#### [Problem to solve]
Below are entries; output exactly the lines from the one with "Q: Is the text italic" to the one with "Q: Is the spacing between lines", both included, and nothing else.

#### [Entries provided]
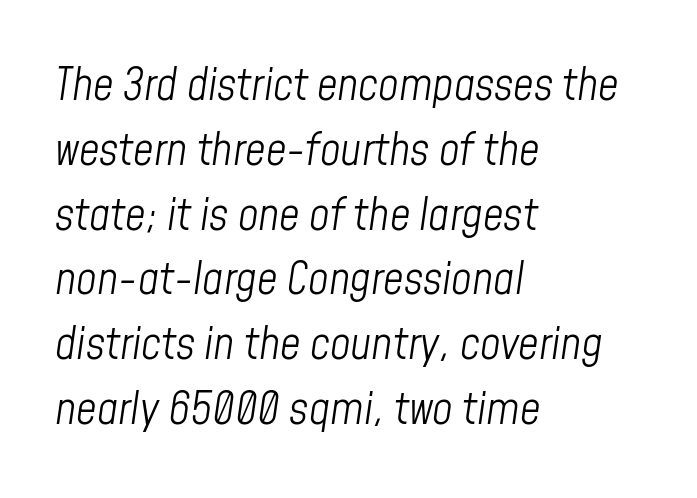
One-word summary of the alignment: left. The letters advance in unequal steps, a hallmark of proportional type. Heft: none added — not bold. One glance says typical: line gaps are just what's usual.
...
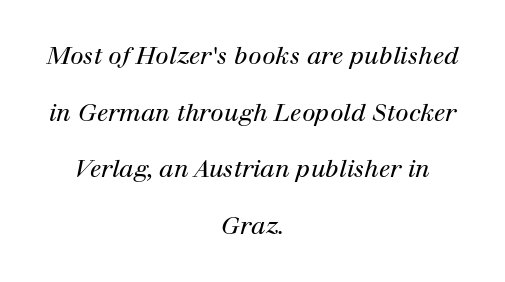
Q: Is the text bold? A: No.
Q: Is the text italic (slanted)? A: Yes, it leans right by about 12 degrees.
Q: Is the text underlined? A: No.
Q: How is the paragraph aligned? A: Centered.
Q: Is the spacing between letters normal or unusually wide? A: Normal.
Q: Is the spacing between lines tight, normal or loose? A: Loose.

#### [Response]
Q: Is the text italic (slanted)? A: Yes, it leans right by about 12 degrees.
Q: Is the text underlined? A: No.
Q: How is the paragraph aligned? A: Centered.
Q: Is the spacing between letters normal or unusually wide? A: Normal.
Q: Is the spacing between lines tight, normal or loose? A: Loose.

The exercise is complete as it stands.